Reattività delle proteine all'ossigeno singoletto come sonda in indagini strutturali tramite spettrometria di massa

Protein footprinting is a powerful approach for the structural characterization of proteins, enabling the detection of conformational changes and interactions. This work aims to develop and validate a novel footprinting, based on singlet oxygen (¹O₂) generated in situ through laser irradiation in the presence of phthalocyanine as a photosensitizer. Singlet oxygen is a highly reactive species with selectivity towards residues such as Histidine, Tryptophan, Tyrosine, Methionine and Cysteine, and it is exploited as a chemical probe to introduce localized covalent modifications on solvent-exposed side chains.
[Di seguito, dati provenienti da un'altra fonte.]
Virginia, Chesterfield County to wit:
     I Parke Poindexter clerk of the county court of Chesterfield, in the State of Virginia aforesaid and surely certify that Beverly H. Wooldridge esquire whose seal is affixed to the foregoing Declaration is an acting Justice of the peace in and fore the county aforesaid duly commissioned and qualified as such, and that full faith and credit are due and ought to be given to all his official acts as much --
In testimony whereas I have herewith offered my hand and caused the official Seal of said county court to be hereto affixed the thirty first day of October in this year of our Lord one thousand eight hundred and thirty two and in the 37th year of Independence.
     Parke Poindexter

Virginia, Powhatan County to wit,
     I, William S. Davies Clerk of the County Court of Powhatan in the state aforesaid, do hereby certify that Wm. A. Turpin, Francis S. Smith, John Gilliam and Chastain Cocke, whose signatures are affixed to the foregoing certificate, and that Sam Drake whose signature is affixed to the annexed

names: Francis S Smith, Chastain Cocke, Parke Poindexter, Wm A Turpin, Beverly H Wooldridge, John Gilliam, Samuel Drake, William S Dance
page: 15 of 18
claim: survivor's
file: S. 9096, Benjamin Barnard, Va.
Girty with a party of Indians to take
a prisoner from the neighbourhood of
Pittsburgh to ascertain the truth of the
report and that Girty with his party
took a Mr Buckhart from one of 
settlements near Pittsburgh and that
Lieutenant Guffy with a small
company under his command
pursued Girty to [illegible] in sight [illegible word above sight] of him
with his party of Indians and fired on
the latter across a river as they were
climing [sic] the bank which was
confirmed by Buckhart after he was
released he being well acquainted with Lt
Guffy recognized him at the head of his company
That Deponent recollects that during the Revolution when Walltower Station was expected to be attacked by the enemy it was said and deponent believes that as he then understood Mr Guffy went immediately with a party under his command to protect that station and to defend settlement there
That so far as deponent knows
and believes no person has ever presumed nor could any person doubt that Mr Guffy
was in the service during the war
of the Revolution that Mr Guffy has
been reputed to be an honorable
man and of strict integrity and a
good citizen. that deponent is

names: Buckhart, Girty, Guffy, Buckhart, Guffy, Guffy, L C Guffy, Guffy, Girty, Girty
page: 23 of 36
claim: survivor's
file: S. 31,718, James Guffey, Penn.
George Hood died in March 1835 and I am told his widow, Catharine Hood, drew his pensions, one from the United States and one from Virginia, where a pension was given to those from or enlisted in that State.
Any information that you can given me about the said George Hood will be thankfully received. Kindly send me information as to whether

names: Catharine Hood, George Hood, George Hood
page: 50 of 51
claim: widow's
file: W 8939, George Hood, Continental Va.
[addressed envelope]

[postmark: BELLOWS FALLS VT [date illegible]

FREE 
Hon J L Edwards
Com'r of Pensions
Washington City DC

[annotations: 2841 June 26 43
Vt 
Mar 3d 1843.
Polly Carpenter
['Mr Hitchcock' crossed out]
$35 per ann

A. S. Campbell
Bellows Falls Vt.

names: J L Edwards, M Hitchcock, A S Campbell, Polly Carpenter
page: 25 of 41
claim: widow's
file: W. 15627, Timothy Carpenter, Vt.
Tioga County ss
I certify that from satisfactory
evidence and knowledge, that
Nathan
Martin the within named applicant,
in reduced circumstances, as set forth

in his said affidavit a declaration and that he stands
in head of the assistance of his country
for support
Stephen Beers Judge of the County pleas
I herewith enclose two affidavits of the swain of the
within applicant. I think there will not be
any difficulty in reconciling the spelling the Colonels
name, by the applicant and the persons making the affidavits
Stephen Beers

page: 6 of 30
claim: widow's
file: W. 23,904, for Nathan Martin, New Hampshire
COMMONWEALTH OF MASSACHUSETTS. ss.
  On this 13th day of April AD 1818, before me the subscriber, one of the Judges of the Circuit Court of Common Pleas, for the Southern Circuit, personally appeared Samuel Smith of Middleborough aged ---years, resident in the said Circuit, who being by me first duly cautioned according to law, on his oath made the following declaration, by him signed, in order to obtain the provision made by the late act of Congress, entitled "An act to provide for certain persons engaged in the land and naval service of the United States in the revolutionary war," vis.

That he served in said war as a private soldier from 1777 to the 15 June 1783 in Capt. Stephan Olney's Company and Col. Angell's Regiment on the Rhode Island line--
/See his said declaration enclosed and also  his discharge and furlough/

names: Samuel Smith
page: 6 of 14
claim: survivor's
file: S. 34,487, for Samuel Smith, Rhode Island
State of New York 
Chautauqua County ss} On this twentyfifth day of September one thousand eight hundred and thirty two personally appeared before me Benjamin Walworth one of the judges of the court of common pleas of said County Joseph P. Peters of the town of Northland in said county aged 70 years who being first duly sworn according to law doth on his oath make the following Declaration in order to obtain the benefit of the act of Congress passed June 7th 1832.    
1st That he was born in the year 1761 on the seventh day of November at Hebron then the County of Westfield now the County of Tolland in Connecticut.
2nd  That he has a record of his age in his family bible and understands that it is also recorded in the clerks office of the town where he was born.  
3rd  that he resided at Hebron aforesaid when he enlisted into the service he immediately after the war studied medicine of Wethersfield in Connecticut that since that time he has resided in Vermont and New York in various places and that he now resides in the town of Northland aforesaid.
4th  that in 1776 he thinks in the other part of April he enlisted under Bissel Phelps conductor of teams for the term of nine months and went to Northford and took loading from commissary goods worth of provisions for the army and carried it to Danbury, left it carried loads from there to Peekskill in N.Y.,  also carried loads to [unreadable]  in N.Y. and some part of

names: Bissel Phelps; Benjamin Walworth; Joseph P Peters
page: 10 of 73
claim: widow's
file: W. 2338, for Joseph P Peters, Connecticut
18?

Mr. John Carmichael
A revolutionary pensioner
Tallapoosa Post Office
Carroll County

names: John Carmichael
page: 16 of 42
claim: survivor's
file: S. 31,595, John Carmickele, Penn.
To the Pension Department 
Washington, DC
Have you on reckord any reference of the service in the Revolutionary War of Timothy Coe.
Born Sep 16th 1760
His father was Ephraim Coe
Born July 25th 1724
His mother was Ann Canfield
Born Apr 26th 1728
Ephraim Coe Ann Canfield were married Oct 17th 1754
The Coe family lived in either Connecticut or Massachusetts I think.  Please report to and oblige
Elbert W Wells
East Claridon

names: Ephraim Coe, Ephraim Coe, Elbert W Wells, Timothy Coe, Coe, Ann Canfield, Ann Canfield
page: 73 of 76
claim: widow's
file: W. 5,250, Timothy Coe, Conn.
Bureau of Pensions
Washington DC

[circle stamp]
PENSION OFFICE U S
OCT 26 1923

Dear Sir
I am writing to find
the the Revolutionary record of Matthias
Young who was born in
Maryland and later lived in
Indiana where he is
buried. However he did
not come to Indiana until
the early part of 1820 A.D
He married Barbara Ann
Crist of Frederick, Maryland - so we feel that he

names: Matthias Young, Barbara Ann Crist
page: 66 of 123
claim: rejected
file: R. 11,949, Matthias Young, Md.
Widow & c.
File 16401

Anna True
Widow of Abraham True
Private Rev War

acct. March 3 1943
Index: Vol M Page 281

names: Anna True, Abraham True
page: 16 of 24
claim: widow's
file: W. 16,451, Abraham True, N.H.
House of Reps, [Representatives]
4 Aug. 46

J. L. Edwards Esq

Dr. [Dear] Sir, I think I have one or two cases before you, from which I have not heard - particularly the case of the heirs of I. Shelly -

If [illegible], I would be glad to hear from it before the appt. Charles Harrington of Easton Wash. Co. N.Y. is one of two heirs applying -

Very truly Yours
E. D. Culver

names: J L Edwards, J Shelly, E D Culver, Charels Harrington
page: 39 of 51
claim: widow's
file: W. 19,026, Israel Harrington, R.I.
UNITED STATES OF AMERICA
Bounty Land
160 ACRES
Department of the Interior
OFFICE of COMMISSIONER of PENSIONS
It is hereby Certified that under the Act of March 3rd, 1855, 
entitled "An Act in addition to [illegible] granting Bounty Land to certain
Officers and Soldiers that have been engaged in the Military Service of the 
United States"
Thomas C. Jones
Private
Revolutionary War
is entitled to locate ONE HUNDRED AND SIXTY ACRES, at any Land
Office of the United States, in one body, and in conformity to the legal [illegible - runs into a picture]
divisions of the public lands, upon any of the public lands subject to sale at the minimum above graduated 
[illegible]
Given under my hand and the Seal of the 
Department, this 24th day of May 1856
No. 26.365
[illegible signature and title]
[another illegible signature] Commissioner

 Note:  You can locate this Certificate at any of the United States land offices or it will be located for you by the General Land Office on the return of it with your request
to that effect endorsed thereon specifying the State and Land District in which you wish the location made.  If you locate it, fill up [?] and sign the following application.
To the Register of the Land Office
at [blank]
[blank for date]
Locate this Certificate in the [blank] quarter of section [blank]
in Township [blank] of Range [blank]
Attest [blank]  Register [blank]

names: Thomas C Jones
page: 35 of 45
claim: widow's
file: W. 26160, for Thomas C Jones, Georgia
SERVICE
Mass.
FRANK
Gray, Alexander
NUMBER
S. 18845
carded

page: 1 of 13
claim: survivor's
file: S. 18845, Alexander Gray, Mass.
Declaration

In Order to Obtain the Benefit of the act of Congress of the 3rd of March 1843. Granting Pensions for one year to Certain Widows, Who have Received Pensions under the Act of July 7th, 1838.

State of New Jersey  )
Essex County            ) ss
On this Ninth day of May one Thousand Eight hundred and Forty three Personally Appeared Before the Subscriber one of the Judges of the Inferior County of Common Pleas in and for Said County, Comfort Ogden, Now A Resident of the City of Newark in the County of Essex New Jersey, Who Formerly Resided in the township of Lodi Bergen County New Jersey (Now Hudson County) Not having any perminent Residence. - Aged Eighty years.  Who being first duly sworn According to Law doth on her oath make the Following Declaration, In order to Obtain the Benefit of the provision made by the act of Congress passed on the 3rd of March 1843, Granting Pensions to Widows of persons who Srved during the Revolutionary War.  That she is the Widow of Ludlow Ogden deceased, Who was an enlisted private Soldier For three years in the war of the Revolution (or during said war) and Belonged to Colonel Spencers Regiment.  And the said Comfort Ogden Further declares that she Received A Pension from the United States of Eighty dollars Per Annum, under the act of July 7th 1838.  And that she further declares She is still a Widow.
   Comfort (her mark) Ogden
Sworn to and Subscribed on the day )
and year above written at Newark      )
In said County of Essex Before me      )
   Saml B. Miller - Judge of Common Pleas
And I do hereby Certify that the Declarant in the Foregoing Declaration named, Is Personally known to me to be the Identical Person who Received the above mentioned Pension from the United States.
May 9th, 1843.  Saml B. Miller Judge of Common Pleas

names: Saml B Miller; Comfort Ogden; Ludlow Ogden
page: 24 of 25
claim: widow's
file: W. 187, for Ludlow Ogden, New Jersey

The oxidative modifications are subsequently identified and localized by high-resolution mass spectrometry. The method was applied to four protein systems of increasing complexity, specifically Angiotensin II, Ubiquitin, FOXO4-DBD, and Myoglobin, widely used as models for testing novel methods in structural biology. Parameters influencing the efficiency of the oxidative process are also discussed, including pH and the presence of ammonium ions, with the aim of optimizing the experimental protocol. This work aims to establish singlet oxygen (¹O₂) as a valid alternative to existing protein footprinting methods, integrating into the same quench-flow system.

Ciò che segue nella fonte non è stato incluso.